* **Task to complete**
Below are lines of data; restate word for word those running from the line containing "Q: Stroke contrast? A: Low." to the line containing "Q: Which block", inclusive, and no others.

((

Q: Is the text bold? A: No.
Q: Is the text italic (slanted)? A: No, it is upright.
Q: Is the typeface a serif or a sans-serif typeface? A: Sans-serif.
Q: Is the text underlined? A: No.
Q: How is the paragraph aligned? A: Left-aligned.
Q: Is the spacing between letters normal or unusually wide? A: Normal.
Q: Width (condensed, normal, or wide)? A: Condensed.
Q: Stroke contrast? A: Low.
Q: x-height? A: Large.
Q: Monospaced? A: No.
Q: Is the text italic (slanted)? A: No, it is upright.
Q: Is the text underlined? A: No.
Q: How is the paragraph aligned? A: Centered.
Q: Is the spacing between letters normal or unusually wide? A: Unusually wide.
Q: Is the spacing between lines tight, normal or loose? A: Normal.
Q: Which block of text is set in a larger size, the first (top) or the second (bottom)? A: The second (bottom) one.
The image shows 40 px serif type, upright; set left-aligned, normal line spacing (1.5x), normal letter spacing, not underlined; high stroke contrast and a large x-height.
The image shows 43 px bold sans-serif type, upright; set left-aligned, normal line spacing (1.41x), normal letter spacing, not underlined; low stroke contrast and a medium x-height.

))
((

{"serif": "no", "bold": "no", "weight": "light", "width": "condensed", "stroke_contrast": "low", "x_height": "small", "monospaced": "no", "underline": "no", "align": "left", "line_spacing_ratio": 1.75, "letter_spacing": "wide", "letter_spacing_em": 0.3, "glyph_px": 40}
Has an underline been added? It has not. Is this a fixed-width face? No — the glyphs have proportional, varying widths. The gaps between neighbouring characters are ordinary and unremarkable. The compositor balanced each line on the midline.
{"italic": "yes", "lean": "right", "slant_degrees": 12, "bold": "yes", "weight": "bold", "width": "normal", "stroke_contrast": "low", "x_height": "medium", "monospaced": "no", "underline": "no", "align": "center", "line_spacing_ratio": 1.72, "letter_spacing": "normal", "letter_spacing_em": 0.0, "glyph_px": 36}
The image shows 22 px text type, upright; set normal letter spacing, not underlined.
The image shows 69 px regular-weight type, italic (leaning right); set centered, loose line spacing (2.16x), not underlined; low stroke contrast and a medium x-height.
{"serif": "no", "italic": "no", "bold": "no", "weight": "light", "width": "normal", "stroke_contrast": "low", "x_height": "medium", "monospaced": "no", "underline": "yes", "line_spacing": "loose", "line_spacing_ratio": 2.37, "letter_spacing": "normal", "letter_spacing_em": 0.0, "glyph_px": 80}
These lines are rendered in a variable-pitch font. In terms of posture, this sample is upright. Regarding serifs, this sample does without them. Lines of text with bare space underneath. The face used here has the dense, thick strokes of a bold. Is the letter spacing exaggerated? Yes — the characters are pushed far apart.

))
((

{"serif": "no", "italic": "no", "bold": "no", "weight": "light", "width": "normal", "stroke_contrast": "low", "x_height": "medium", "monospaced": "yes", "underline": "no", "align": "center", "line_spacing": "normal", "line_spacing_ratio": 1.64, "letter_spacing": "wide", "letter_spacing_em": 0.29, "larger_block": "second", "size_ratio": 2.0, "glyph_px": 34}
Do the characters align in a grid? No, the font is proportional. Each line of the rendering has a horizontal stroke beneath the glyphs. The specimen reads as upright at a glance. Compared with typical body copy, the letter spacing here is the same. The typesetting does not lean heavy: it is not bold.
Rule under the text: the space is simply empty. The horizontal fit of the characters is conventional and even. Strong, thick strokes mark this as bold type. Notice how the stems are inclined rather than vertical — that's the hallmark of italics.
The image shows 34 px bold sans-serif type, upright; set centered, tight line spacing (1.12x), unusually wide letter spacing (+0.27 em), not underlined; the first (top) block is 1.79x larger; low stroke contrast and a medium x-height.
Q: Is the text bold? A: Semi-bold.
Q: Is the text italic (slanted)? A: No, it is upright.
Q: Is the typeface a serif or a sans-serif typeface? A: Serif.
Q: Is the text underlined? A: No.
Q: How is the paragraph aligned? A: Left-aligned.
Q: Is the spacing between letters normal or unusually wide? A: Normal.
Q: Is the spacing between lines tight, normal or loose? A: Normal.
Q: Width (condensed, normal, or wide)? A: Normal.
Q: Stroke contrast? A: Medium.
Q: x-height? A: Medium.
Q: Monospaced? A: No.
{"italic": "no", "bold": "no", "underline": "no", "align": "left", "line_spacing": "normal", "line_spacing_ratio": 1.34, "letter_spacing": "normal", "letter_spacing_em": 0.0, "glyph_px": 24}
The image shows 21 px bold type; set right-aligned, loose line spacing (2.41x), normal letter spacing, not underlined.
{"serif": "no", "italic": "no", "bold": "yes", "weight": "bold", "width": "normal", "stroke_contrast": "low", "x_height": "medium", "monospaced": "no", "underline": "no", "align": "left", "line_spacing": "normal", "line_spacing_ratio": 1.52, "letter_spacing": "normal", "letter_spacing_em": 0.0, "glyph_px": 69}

))

* **Result of this exercise**
Q: Stroke contrast? A: Low.
Q: x-height? A: Large.
Q: Monospaced? A: No.
Q: Is the text italic (slanted)? A: No, it is upright.
Q: Is the text underlined? A: No.
Q: How is the paragraph aligned? A: Centered.
Q: Is the spacing between letters normal or unusually wide? A: Unusually wide.
Q: Is the spacing between lines tight, normal or loose? A: Normal.
Q: Which block of text is set in a larger size, the first (top) or the second (bottom)? A: The second (bottom) one.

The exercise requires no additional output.